→ **Assignment**
A faithful copy of each record is required, minus the images.
Content starts
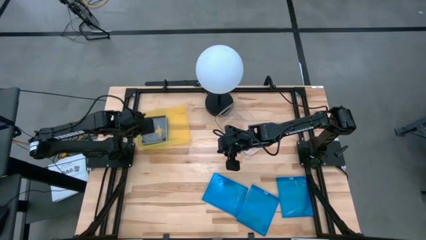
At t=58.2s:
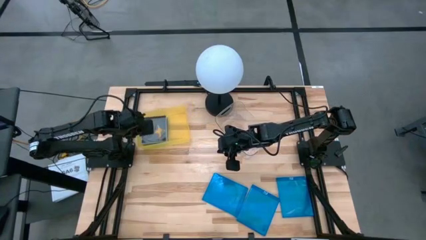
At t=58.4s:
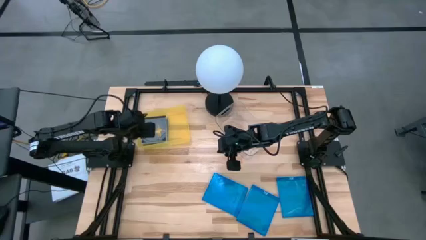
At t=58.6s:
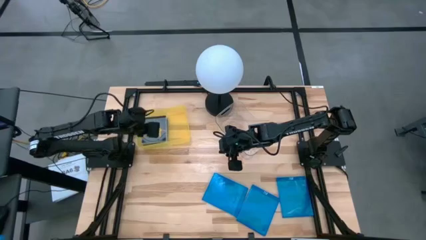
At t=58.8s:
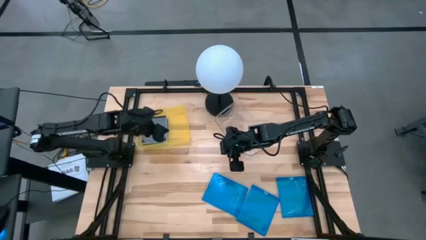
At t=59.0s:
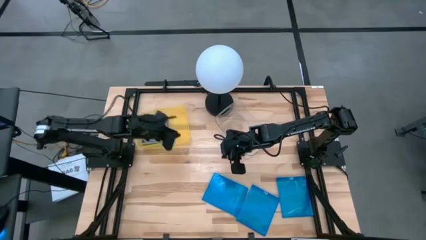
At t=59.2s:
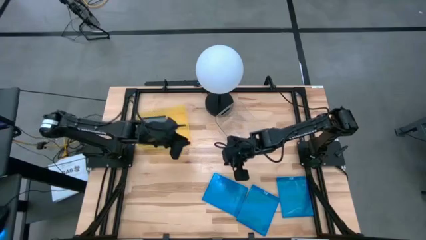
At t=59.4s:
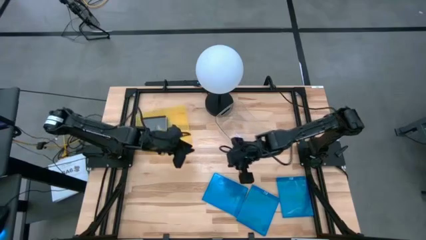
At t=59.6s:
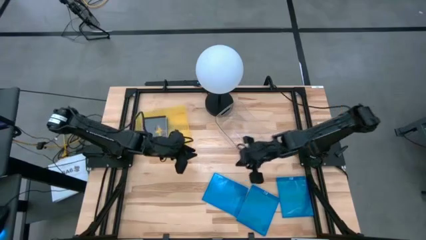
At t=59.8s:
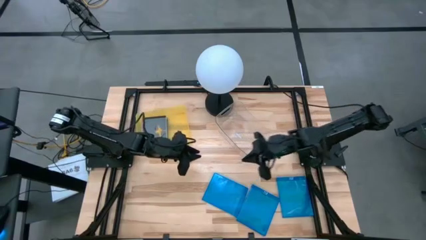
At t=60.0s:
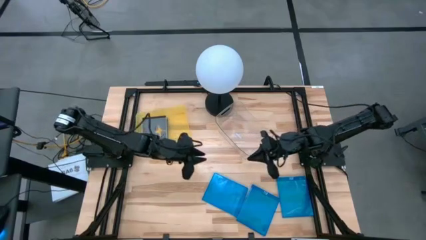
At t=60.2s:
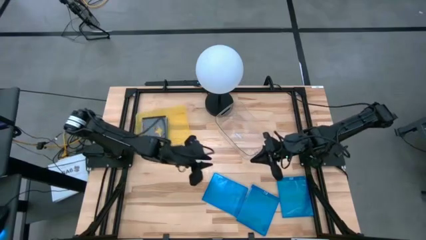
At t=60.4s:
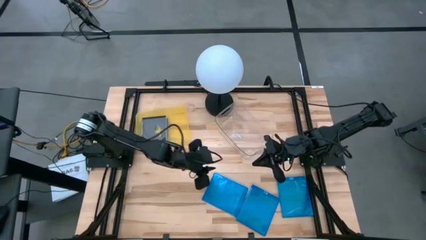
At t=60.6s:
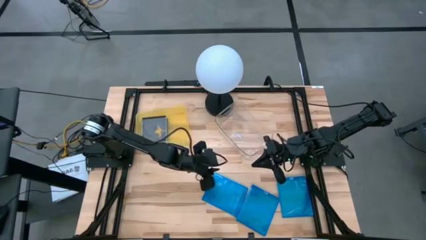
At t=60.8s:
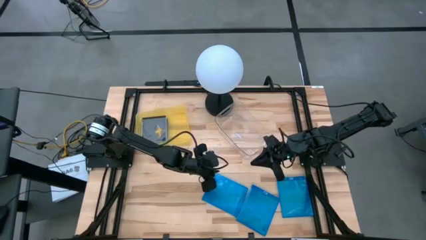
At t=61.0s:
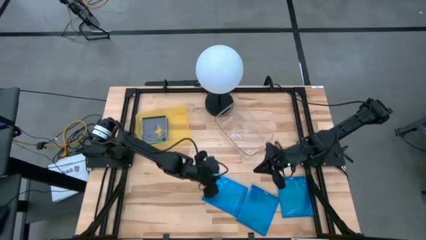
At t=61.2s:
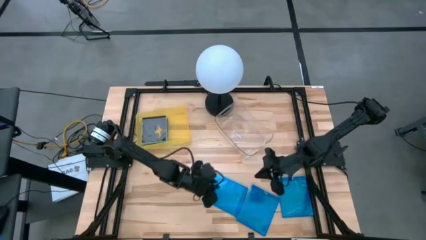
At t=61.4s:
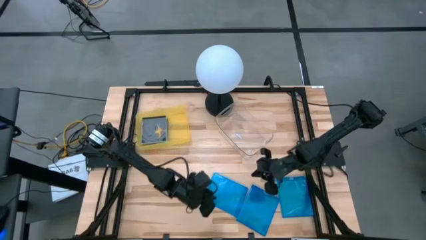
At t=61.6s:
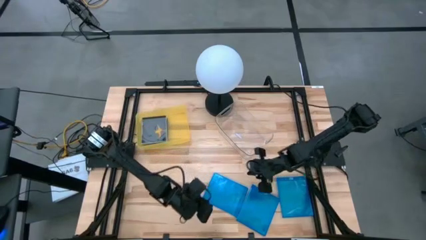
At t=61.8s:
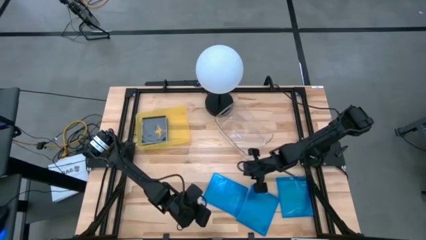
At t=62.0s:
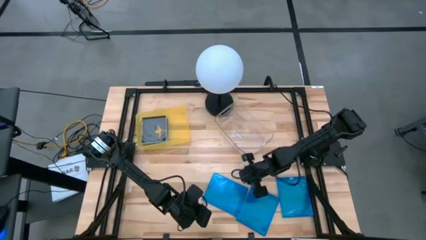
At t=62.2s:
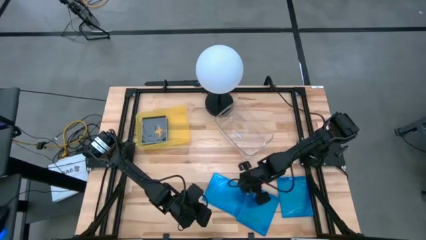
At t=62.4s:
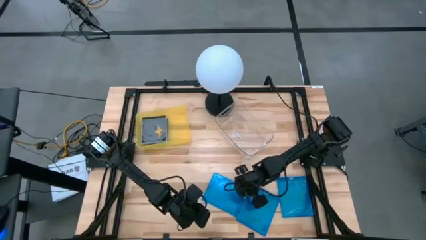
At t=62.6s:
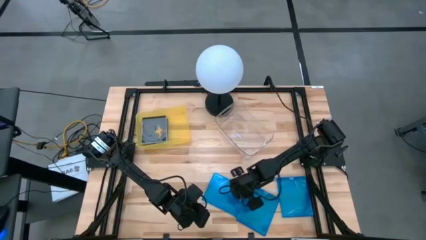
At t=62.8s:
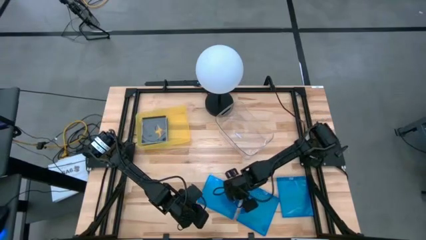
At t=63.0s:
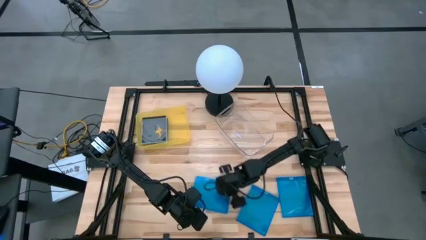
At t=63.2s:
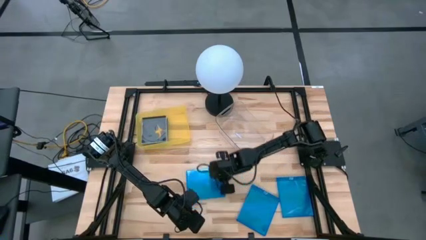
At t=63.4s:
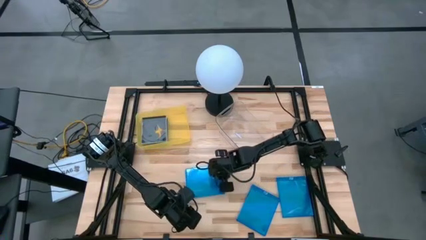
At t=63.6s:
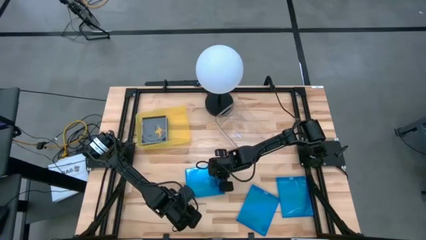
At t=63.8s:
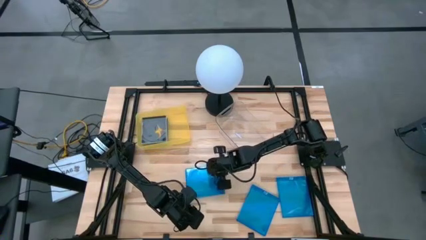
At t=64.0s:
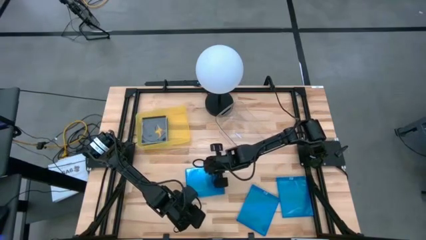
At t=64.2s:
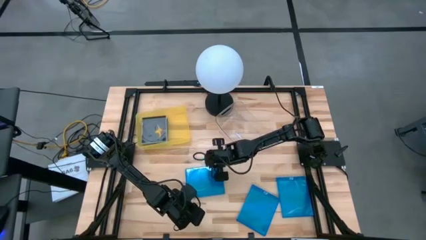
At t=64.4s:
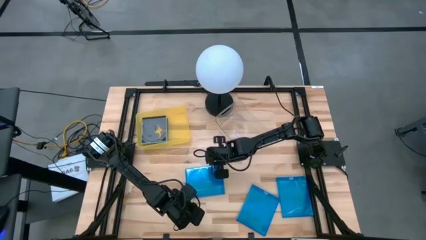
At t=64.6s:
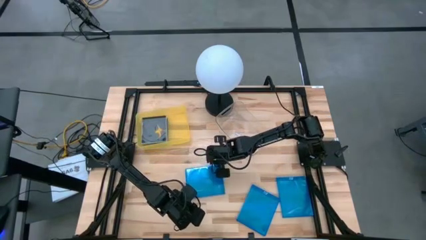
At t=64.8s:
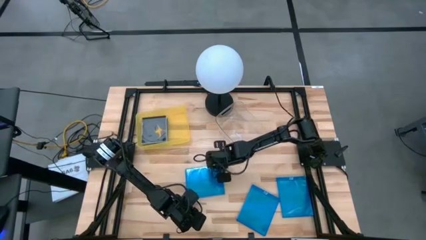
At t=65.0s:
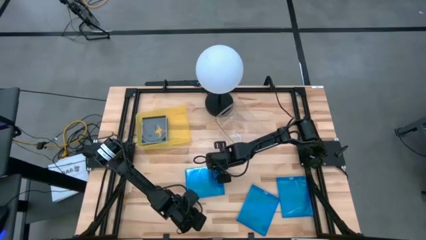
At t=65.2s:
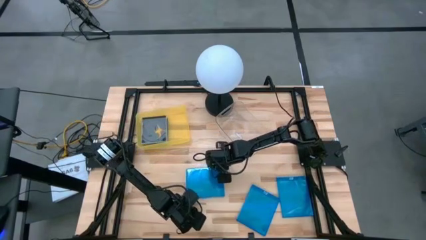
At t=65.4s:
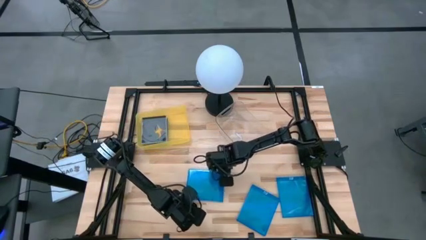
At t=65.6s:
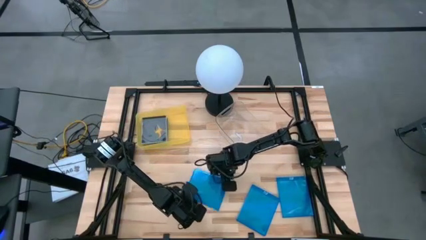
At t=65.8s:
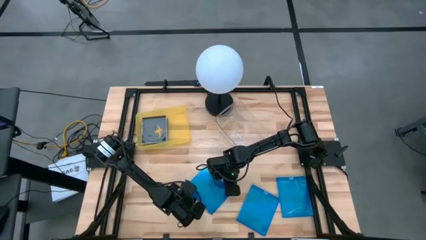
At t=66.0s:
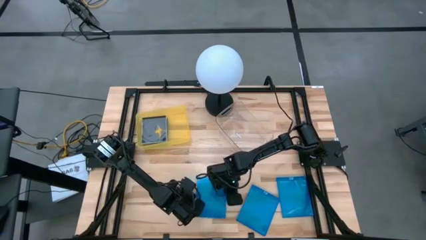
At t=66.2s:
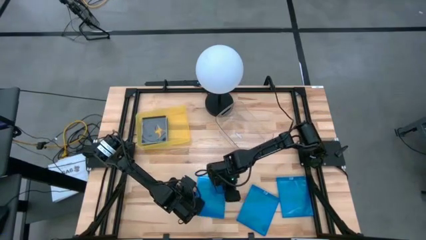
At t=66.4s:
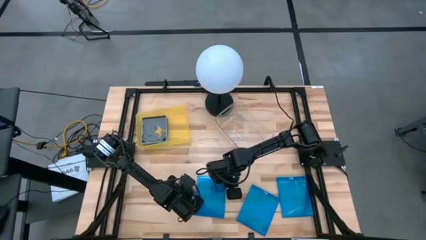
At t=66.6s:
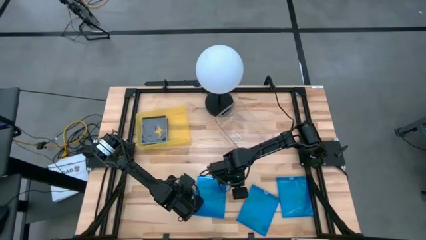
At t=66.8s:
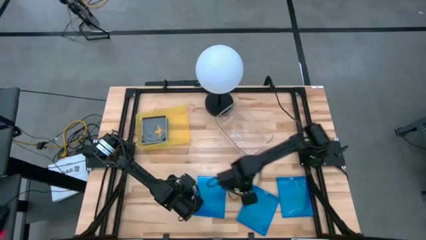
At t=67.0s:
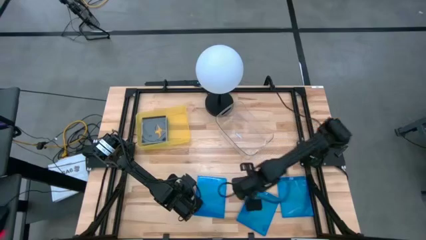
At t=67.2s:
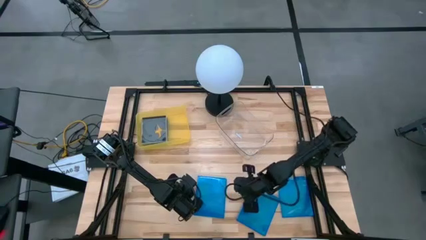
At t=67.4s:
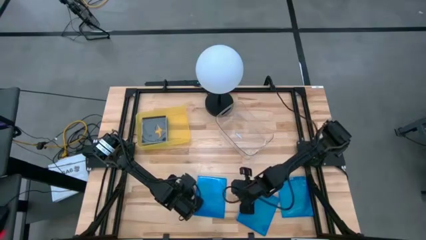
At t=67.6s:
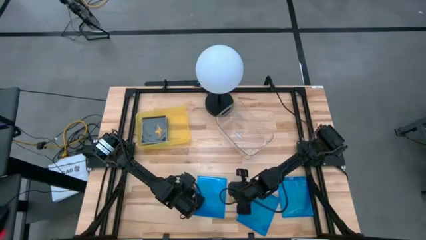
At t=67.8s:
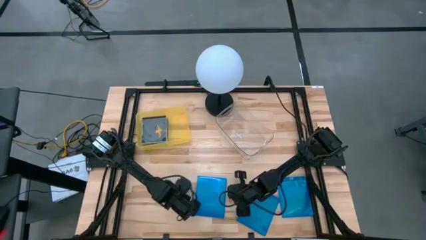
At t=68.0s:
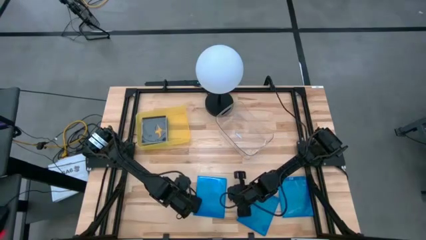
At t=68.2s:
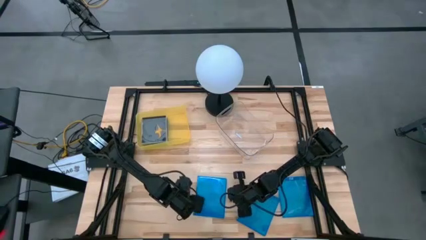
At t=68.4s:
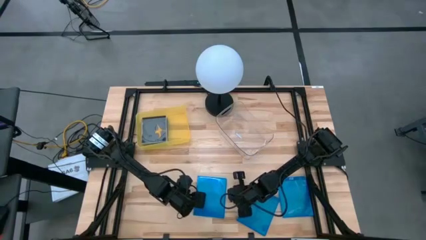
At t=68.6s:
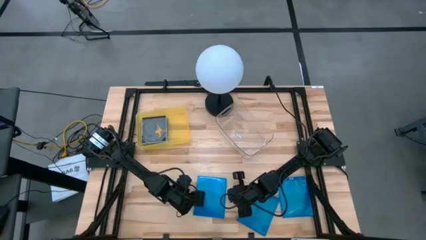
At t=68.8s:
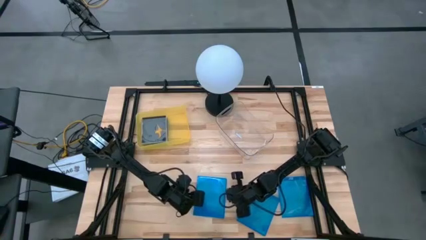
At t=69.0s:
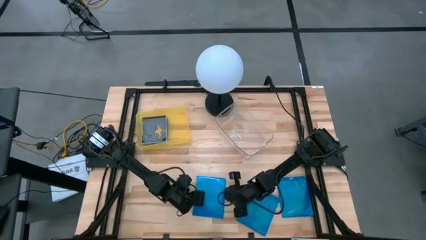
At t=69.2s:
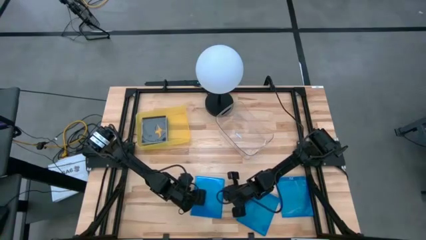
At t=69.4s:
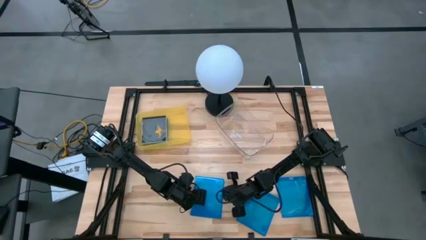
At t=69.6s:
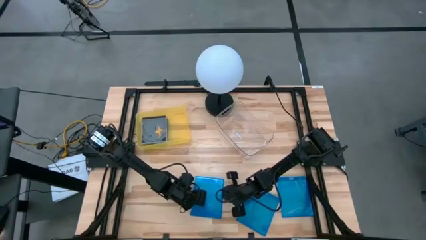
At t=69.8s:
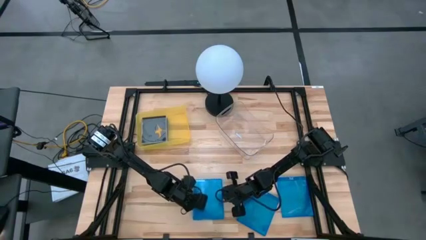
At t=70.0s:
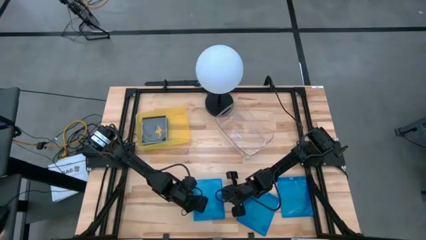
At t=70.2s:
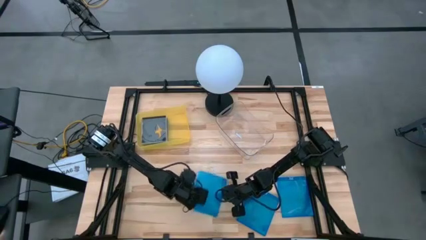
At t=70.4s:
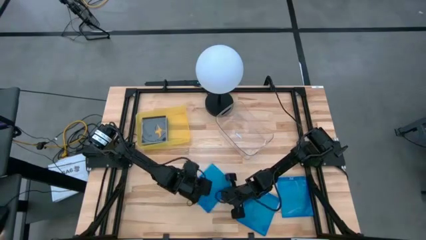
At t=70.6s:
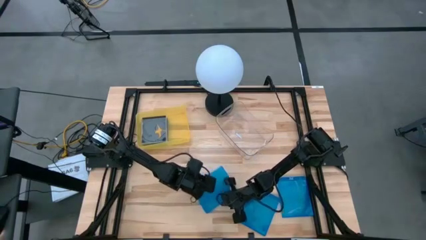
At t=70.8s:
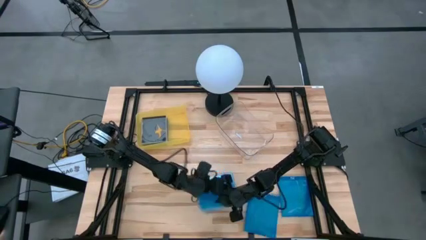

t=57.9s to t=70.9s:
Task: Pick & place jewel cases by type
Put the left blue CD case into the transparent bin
Content ends
→ **Exercise output**
At t=58.2s:
At t=58.4s:
At t=58.6s:
At t=58.8s:
At t=59.0s:
At t=59.2s:
At t=59.4s:
At t=59.6s:
At t=59.8s:
At t=60.0s:
At t=60.2s:
At t=60.4s:
At t=60.6s:
At t=60.8s:
At t=61.0s:
At t=61.2s:
At t=61.4s:
At t=61.6s:
At t=61.8s:
At t=62.0s:
At t=62.2s:
At t=62.4s:
At t=62.6s:
At t=62.8s:
At t=63.0s:
At t=63.2s:
At t=63.4s:
At t=63.6s:
At t=63.8s:
At t=64.0s:
At t=64.2s:
At t=64.4s:
At t=64.6s:
At t=64.8s:
At t=65.0s:
At t=65.2s:
At t=65.4s:
At t=65.6s:
At t=65.8s:
At t=66.0s:
At t=66.2s:
At t=66.4s:
At t=66.6s:
At t=66.8s:
At t=67.0s:
At t=67.2s:
At t=67.4s:
At t=67.6s:
At t=67.8s:
At t=68.0s:
At t=68.2s:
At t=68.4s:
At t=68.6s:
At t=68.8s:
At t=69.0s:
At t=69.2s:
At t=69.4s:
At t=69.6s:
At t=69.8s:
At t=70.0s:
At t=70.2s:
At t=70.4s:
At t=70.6s:
At t=70.8s:

t=57.9s to t=70.9s:
Task: Pick & place jewel cases by type
Put the left blue CD case into the transparent bin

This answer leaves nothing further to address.